If you had a previous version of Hurley, upgrade first.

npm upgrade -g @worldsibu/hurley

Start your environment

This will create a development blockchain with 2 organizations and one channel, plus one user per organization.

$ hurl new

More details for more complex scenarios here.

Installing and testing examples

chaincode_example02 (click to see the code)

This is a simple example of how to create units accounting. The example doesn’t prevent transferrals that exceed what one user has, but it’s an easy way to understand go easily.

First get to the right folder inside the fabric-samples folder.

# From the fabric-samples/chaincode folder
$ cd chaincode_example02/go/

We need to first install the chaincode. It requires 4 properties, 2 users and their units, passed as params:

$ hurl install example02 golang --ctor '{"Args":["Init","walter","100","diego","200"]}'

Check if the user received the initial units:

$ hurl invoke example02 --ctor '{"Args":["query","walter"]}'# If you are working with Hurley v0.5.1
$ hurl invoke example02 query "walter"

Let’s make an invoke to transfer units:

$ hurl invoke example02 --ctor '{"Args":["invoke","walter","diego","99"]}'# If you are working with Hurley v0.5.1
$ hurl invoke example02 invoke "walter" "diego" "99"

Now let’s see if the transfer actually happened.

$ hurl invoke example02 --ctor '{"Args":["query","walter"]}'# If you are working with Hurley >= v0.5.1
$ hurl invoke example02 query "walter"

That’s it! 🙂 As you can see it’s really simple to install and invoke your chaincode.

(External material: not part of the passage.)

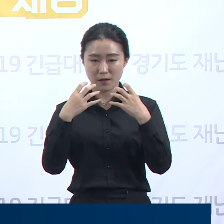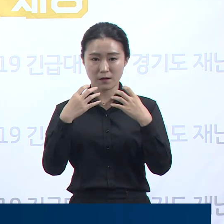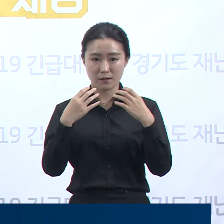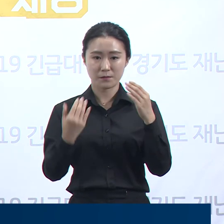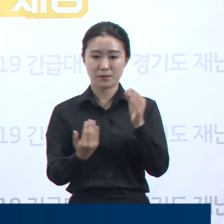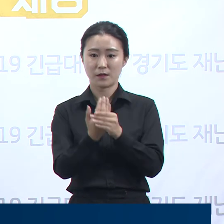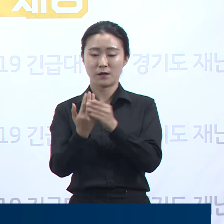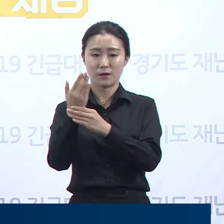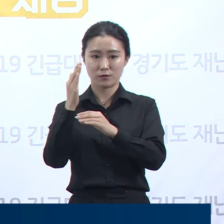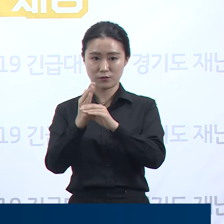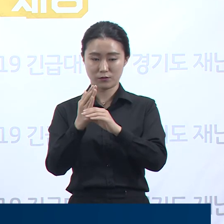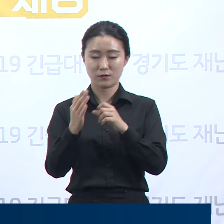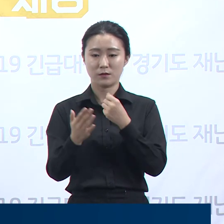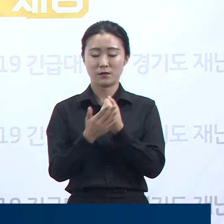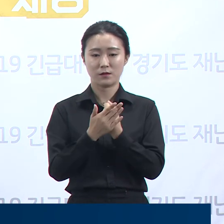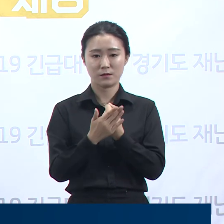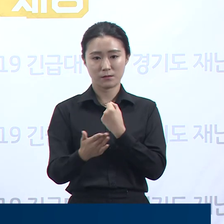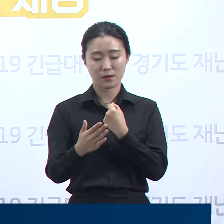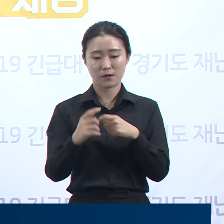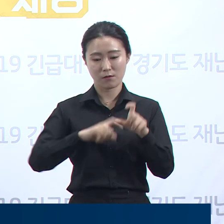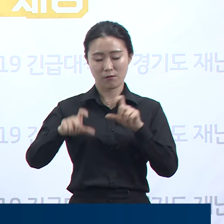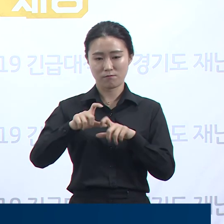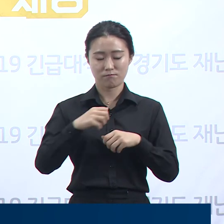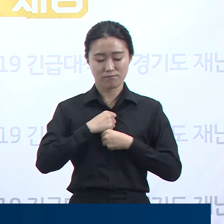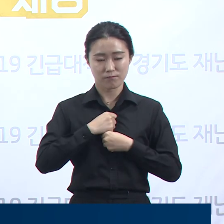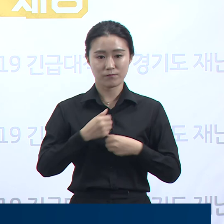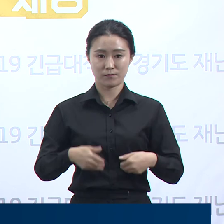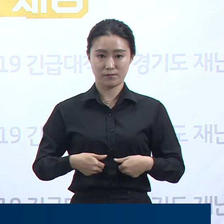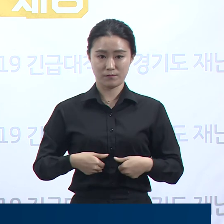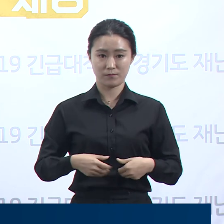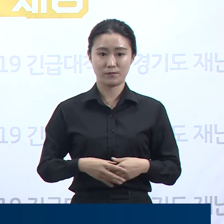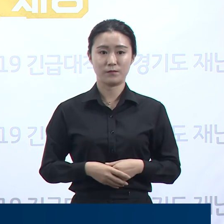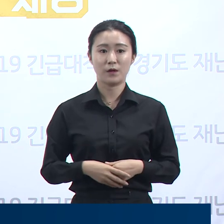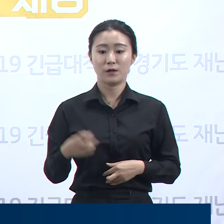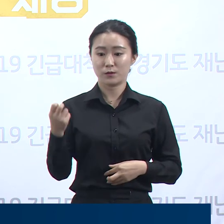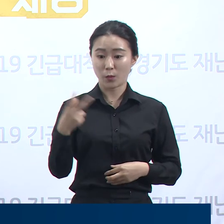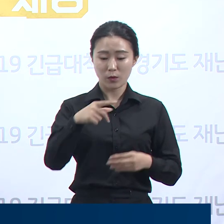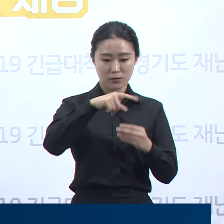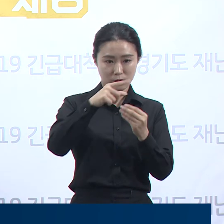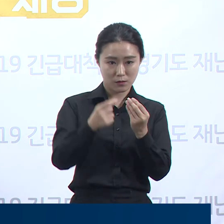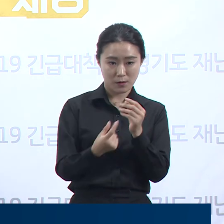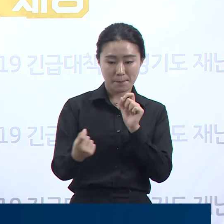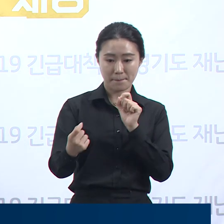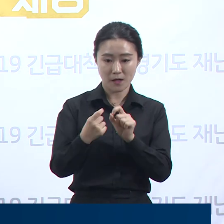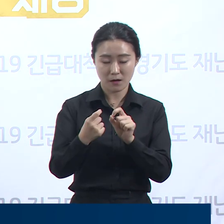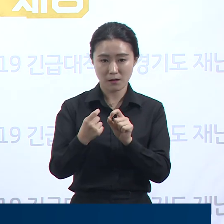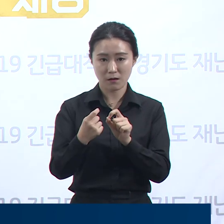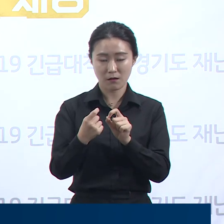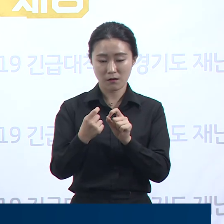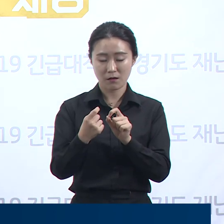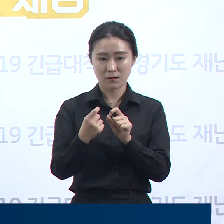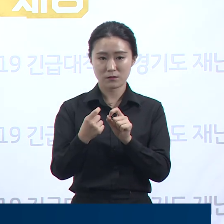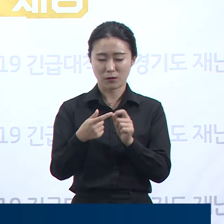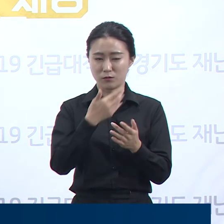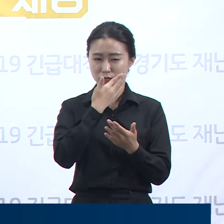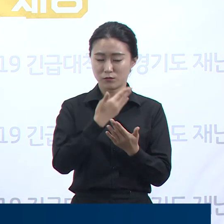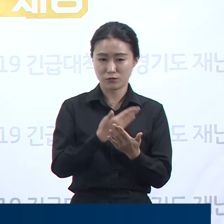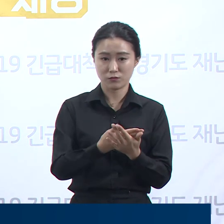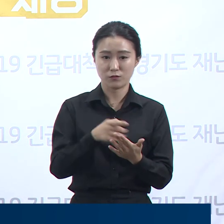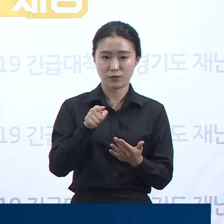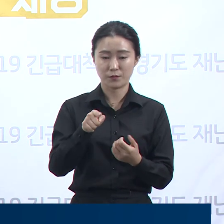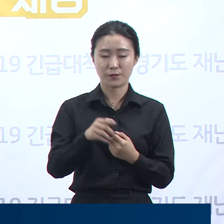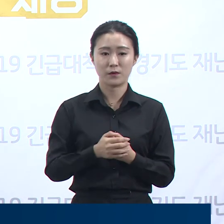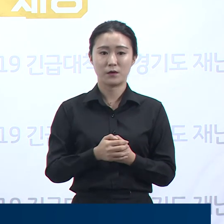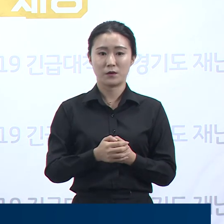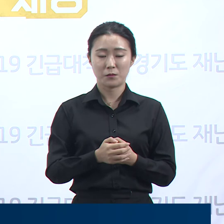폭발적인 증가세로 돌아설 수 있습니다. 곧 다가오는 추석 연휴가 코로나19 확산이냐 감소냐를 판가름하게 할 것입니다.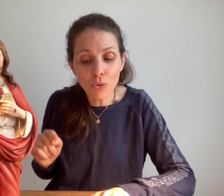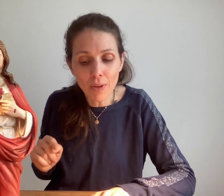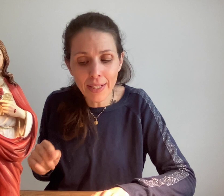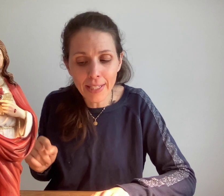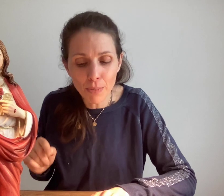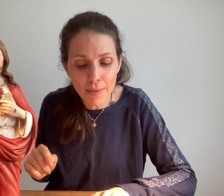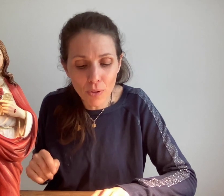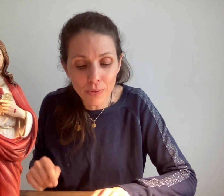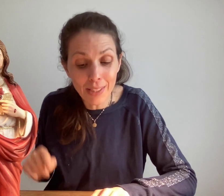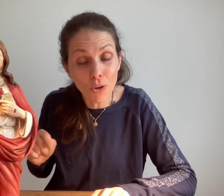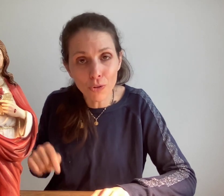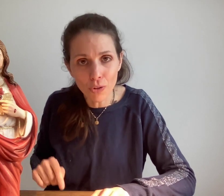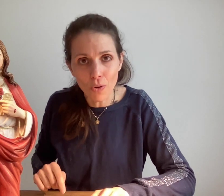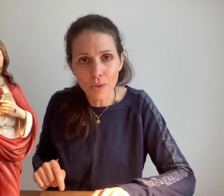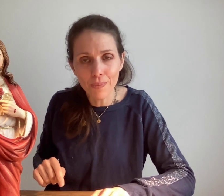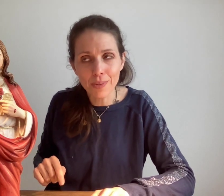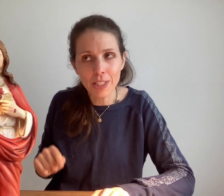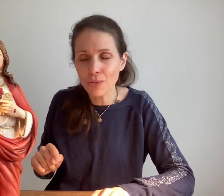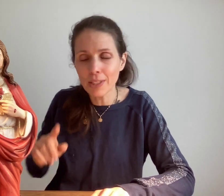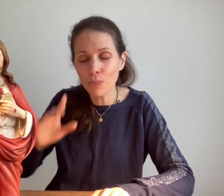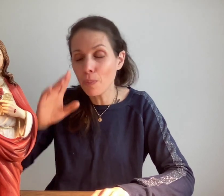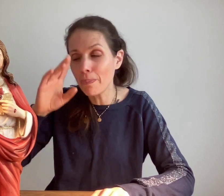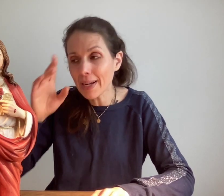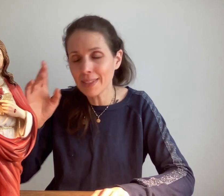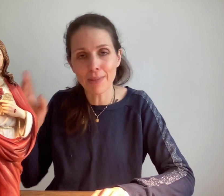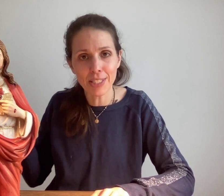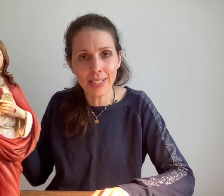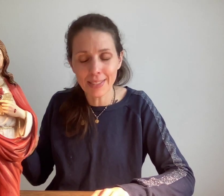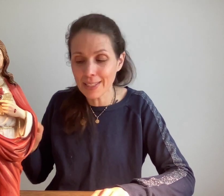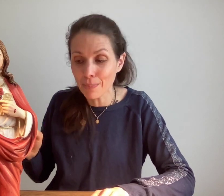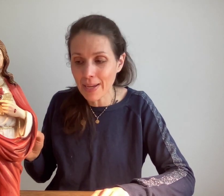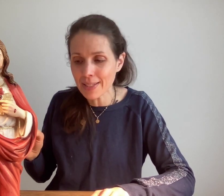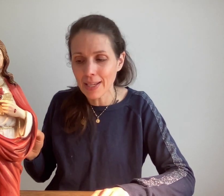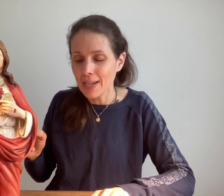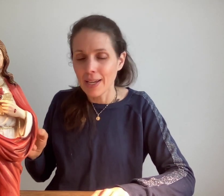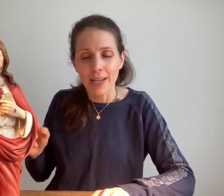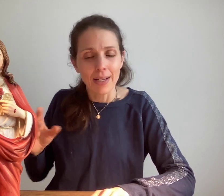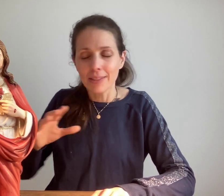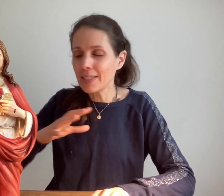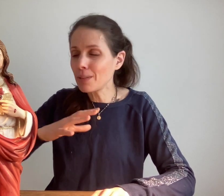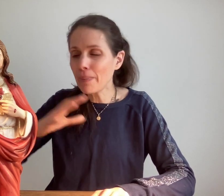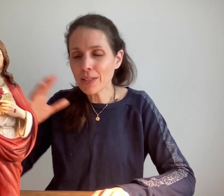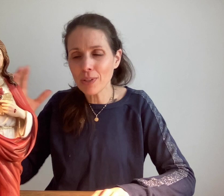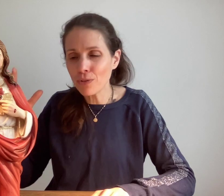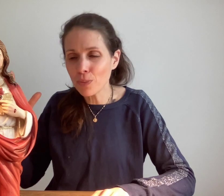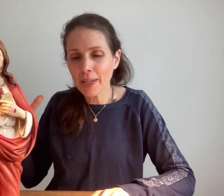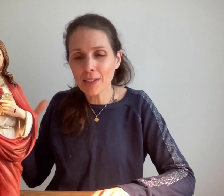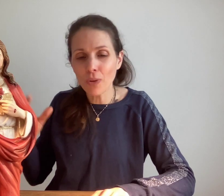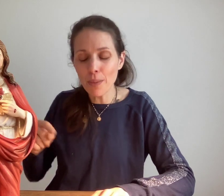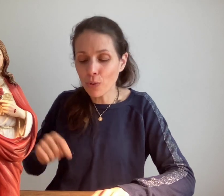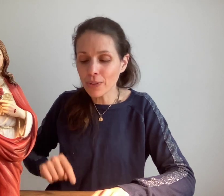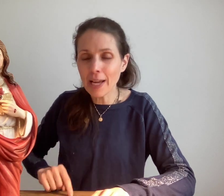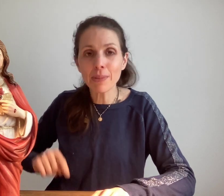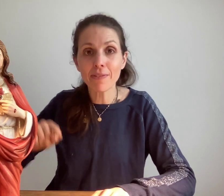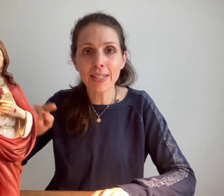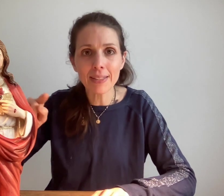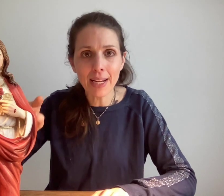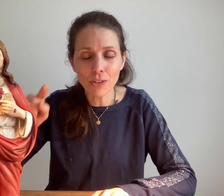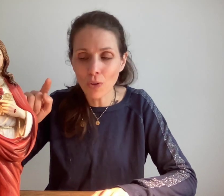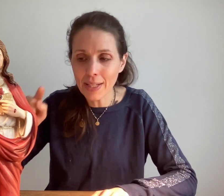nouvelée dans ma volonté dans le temps Jésus dit tu ne peux pas t'imaginer ce qui se passe ce qui se passe au niveau spirituel pour une âme qui fait des actes dans la

If you’d like to test the node version of the code, go back to the root folder of this example cd .. and run:

$ hurl install example02_node --ctor '{"Args":["Init","walter","100","diego","200"]}'

And you can repeat previous steps but referencing this new chaincode.

$ hurl invoke example02_node --ctor '{"Args":["invoke","walter","diego","99"]}'
$ hurl invoke example02_node --ctor '{"Args":["query","walter"]}'
# If you are working with Hurley v0.5.1
$ hurl invoke example02_node invoke "walter" "diego" "99"
$ hurl invoke example02_node query "walter"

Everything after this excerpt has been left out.